Source: https://math.stackexchange.com/questions/42400/asimplenumberofbitstringssoithought
Frequently Asked Questions About how many bit strings of length 10 contain at least three 1s and at least three 0s?
If you have questions that need to be answered about the topic how many bit strings of length 10 contain at least three 1s and at least three 0s?, then this section may help you solve it.
How many 10bit bit strings contain more 0s than 1s?
How many bit strings of length 10 have more 0s than 1s? The answer is C(10, 3) = 10. 9. 8 / 3. 2. 1 = b>120/b>.
How many different 10bit bit strings are there?
In total, there are 386 bit strings of length 10 that contain more 0s than 1s (210 + 120 + 45 + 10 + 1 = 386). c) To determine how many contain seven or more 1s, we must count the strings that contain seven, eight, nine, or ten of them.

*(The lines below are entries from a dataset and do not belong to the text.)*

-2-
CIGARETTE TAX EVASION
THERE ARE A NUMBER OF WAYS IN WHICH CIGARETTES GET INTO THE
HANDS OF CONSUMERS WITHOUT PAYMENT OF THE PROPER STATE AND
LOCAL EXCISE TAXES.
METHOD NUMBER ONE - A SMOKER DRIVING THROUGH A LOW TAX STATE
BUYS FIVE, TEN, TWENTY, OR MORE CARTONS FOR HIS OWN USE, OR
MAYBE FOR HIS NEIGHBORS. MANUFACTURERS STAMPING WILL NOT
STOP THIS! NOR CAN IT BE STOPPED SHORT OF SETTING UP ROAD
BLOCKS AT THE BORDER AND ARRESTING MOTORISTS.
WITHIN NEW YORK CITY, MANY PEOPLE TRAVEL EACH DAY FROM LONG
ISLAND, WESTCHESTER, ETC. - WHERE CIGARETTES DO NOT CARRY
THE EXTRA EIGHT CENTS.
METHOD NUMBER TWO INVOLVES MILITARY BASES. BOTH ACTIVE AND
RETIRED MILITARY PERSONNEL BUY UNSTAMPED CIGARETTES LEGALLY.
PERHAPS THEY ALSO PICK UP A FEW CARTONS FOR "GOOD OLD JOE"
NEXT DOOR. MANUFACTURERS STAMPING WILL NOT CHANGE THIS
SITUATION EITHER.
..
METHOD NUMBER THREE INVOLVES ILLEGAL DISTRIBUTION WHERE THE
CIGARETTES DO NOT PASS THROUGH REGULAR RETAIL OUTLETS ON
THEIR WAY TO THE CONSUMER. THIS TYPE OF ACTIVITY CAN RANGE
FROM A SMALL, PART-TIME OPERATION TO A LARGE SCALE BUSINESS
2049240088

How many 10bit bit strings start with 3 zeros or end with 3 ones?
Total: (25) x (21) x (22) = 32 x (22) x (44) = 256.
How many 10bit strings have beginning and ending 1s?
256bit strings
How many 10 bit strings have a maximum of three 1s in them?
There are at least three 1s and at least three 0s in each of the 912 strings of length 10.

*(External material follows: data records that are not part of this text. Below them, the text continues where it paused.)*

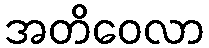
အတိဝေလာ
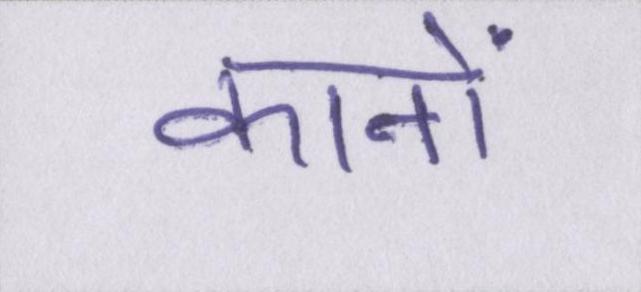
कानों
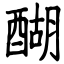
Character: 醐
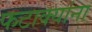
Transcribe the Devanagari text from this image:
फटाक्यांना
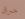
حرق
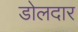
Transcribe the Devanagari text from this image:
डोलदार

How many 10 character strings have exactly four 1s in them?
This simply asks us to select 4 out of 10 slots to place 1s in, so the answer is: = 9!/4! = 15,120. a) exactly four 1.
How many bit strings of length 10 have a 00 or 111 at the beginning or end?

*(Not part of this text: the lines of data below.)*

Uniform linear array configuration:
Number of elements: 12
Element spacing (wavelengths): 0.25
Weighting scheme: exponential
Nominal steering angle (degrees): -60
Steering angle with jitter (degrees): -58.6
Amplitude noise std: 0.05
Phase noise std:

Strings of length 10 either begin with 000 or end with 111: 1*1*1*1*2*2*2*2*2*2*2*2=128; 128+12816=240.
How many 15bit bit strings have a minimum of three 1s and three 0s?
The number of strings is 215 – 1 – 1 – 15 – 15 – 105 – 105, which equals 32526.
How many 12 bit strings have a maximum of three 1s in them?
three 1s maximum?) = 1 + 12 + 66 + 220 = 299
How many 10digit ternary 0/1 or 2 strings exist that contain precisely two 0s, three 1s, and five 2s?
17) Given a string of 10 ternary digits, where each digit is either a 0 or a 1, and where there are exactly two 0s, exactly three 1s, and exactly five 2s, how many such strings exist? The answer is 10!
How many binary strings with 10 digits that start or end in 1 can you name?
The inclusionexclusion formula yields A?B=A+B?A?B=29+29?28=768 for the number of 10digit binary strings that start or end in 1.
How many 10digit 0 and 1number sequences exist that don’t have any backtoback 0s?
The answer is 144 for 10digit sequences of 0s and 1s devoid of any backtoback 0s.